Run `transub configure` for an interactive editor, or update the file manually. Configuration files are user-specific and should not be committed.

## CLI Cheatsheet

```bash
transub run demo.mp4 --config ~/transub.conf --work-dir /tmp/transub  # override work dir (defaults to ~/.cache/transub)
transub show_config
transub init --config ./transub.conf   # rerun the setup wizard
transub configure                      # edit config (0 saves, Q discards)
transub run demo.mp4 --transcribe-only # export raw transcription only
transub run demo.mp4 -T              # short flag for transcribe-only
transub --version                    # print the installed version
```

The work directory (defaults to `~/.cache/transub`) stores audio, transcription segments, translation progress, and pipeline state. If a run is interrupted, re-running the same command resumes where it left off. Use `--work-dir` to point at a custom cache location when needed.

## Development

If you want to contribute to `transub`, you can set up a development environment.

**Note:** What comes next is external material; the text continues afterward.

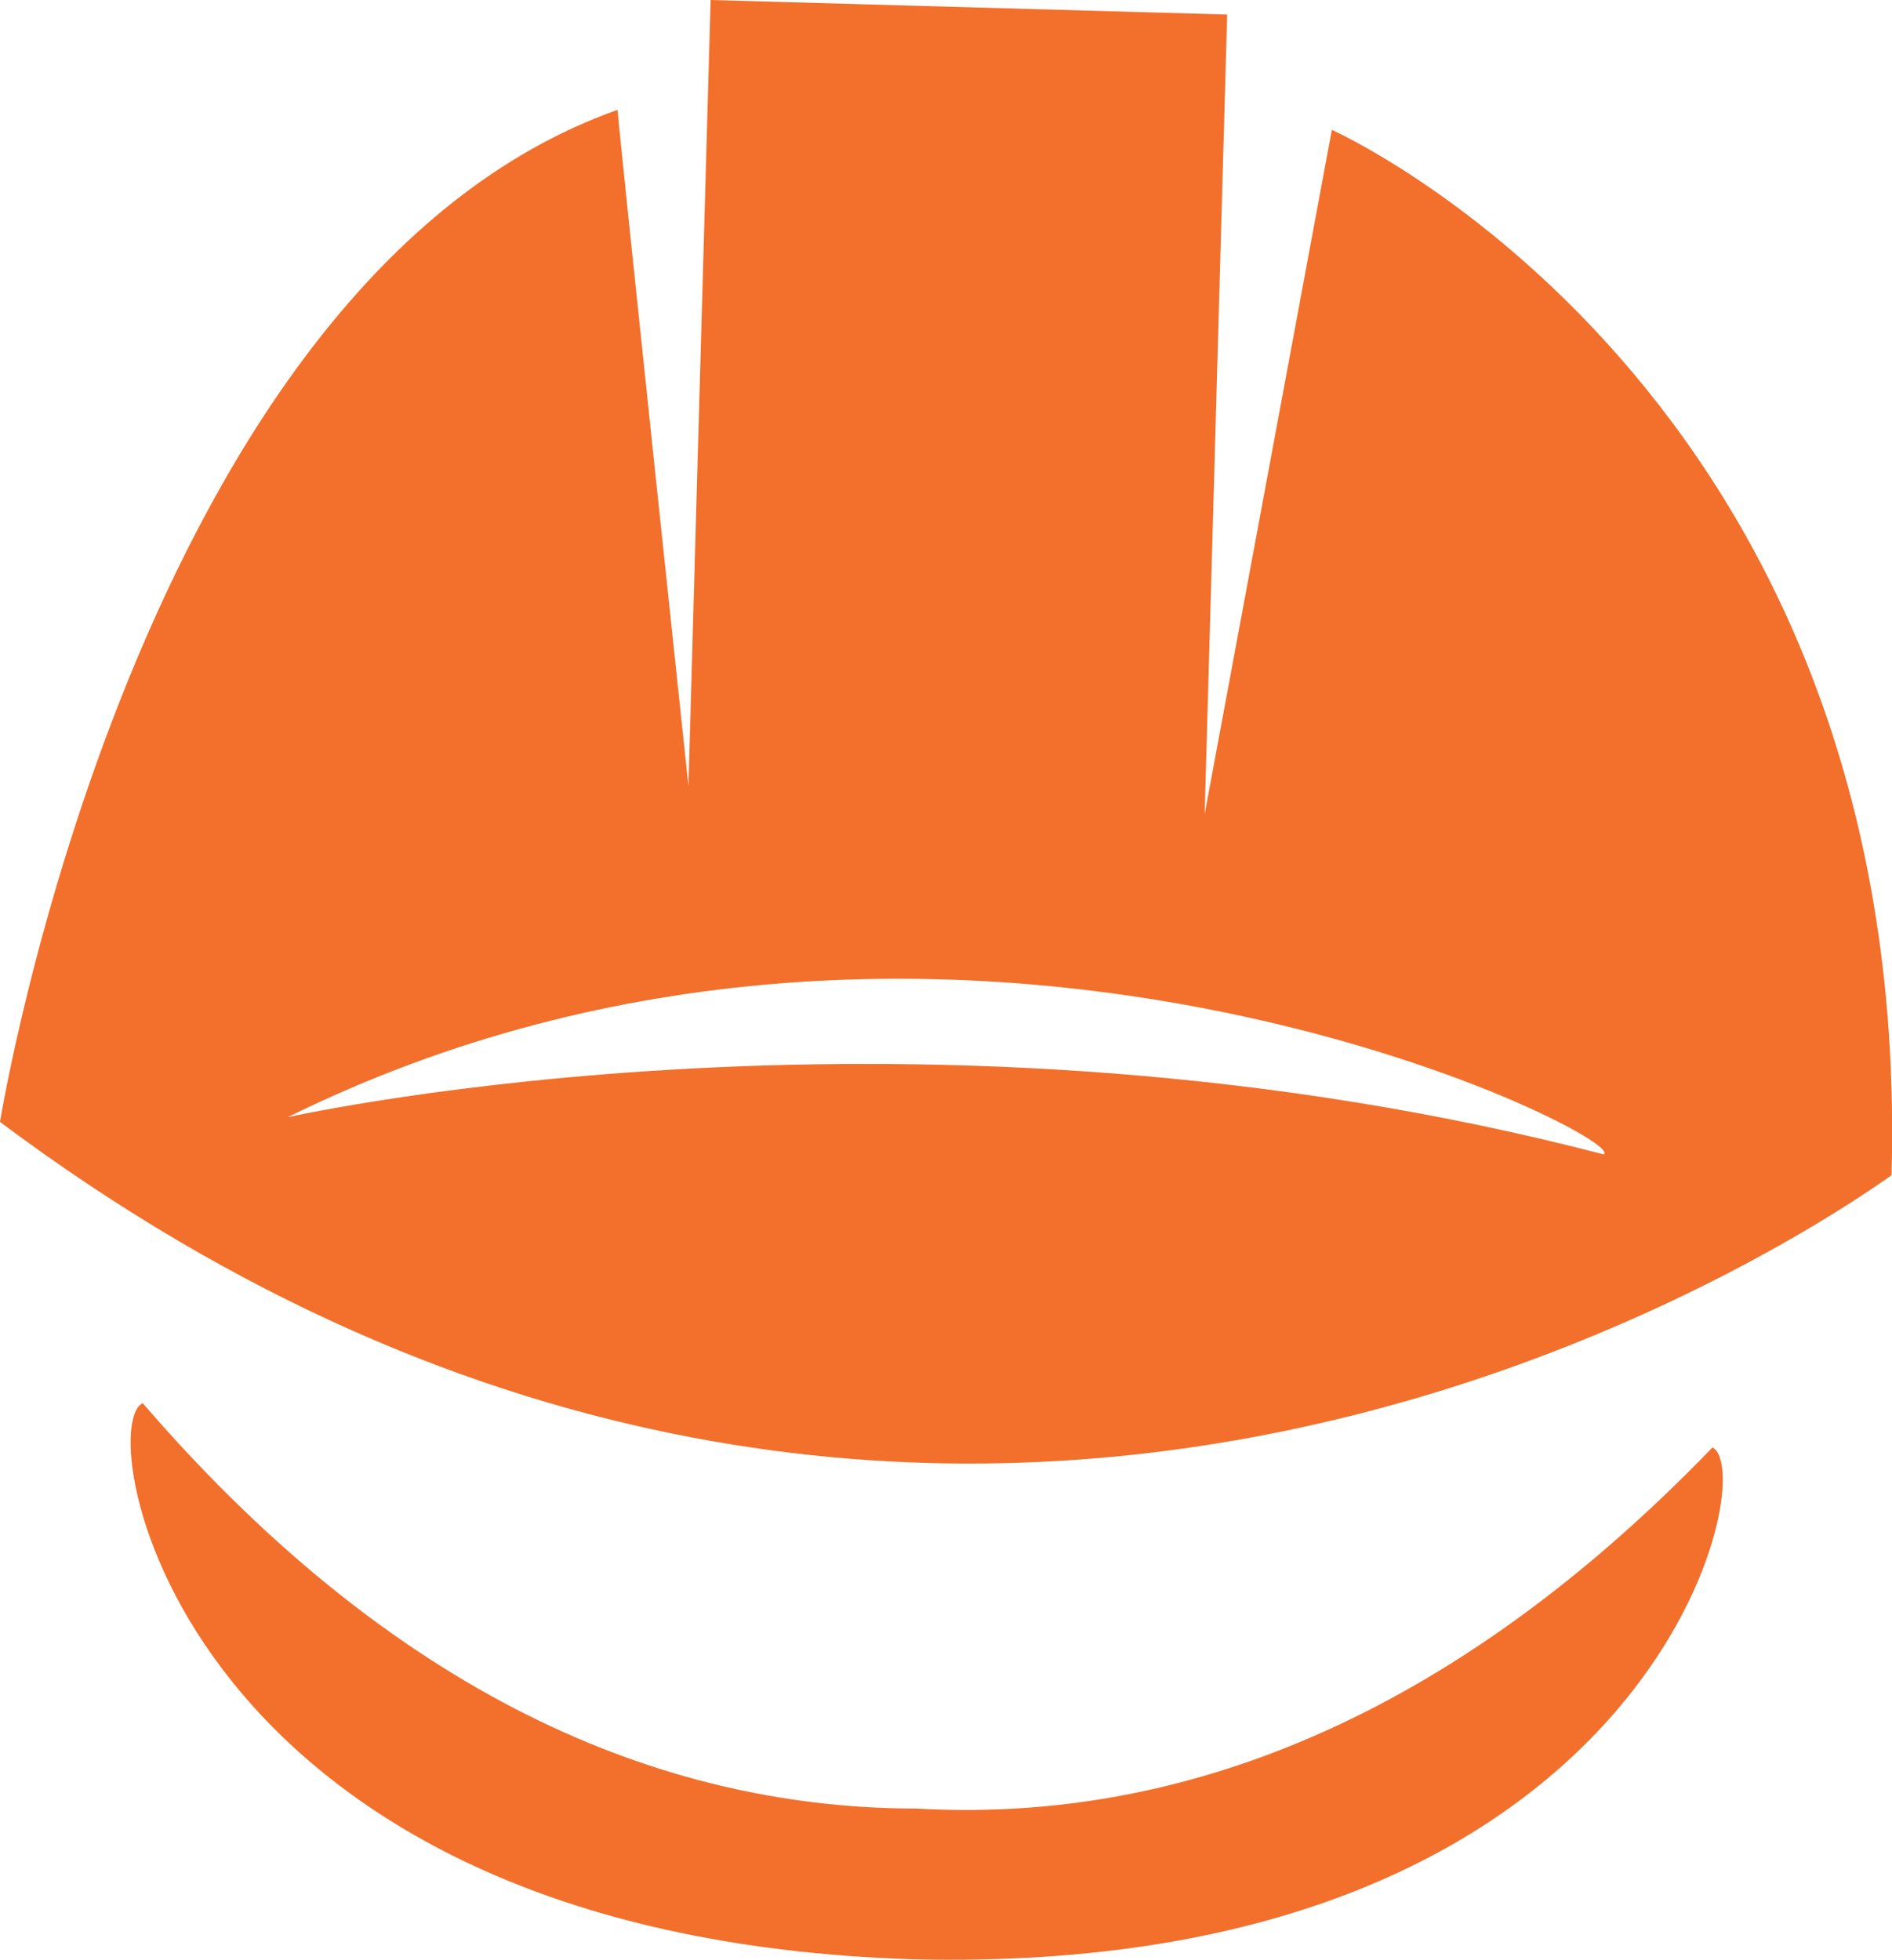 <svg id="Layer_1" data-name="Layer 1" xmlns="http://www.w3.org/2000/svg" viewBox="0 0 551.13 570.9"><defs><style>.cls-1{fill:#f2702b;}</style></defs><path class="cls-1" d="M285.27,580.31c-215-6.83-239.06-155.13-224.27-162,76.77,89,155.45,118.1,225.54,118.1,70.1,4,150.21-20.66,231.75-105.22C532.75,438.85,500.48,585.56,285.27,580.31Z" transform="translate(-19.43 -9.55)"/><path class="cls-1" d="M407.39,47.38,370.34,246.71,376.9,13.79,226.43,9.55l-6.46,229s-19.69-185.22-20.65-197C59.11,91.27,19.43,336.38,19.43,336.38c278.36,208.22,534.92,26.86,551,15.53C576.84,122.87,407.39,47.38,407.39,47.38ZM103.24,335c191.89-94.7,392,6.49,383.35,10.84C288.46,294.22,107,334.21,103.24,335Z" transform="translate(-19.43 -9.55)"/></svg>

### Installation from Source

1.  **Clone the repository:**
    ```bash
    git clone https://github.com/PiktCai/transub.git
    cd transub
    ```
2.  **Create and activate a virtual environment:**
    ```bash
    python3 -m venv .venv
    source .venv/bin/activate
    ```
3.  **Install in editable mode with development dependencies:**
    ```bash
    pip install -e ".[dev]"
    ```
4.  **Install a Whisper backend for testing:**
    ```bash
    pip install openai-whisper
    ```

### Running Tests

```bash
python -m unittest
```

### Code Structure

- Source lives in `transub/` (`cli.py`, `config.py`, `transcribe.py`, `translate.py`, `subtitles.py`, etc.).
- Add tests beside related modules (e.g., `transub/test_subtitles.py`).
- Use Rich console utilities and `transub.logger.setup_logging` for consistent output.

## Project Layout

```
transub/
├── audio.py
├── cli.py
├── config.py
├── subtitles.py
├── transcribe.py
├── translate.py
└── test_subtitles.py
```

## License

This project is distributed for personal use and study; there is no formal contribution process at this time.  
Transub is released under the [MIT License](LICENSE).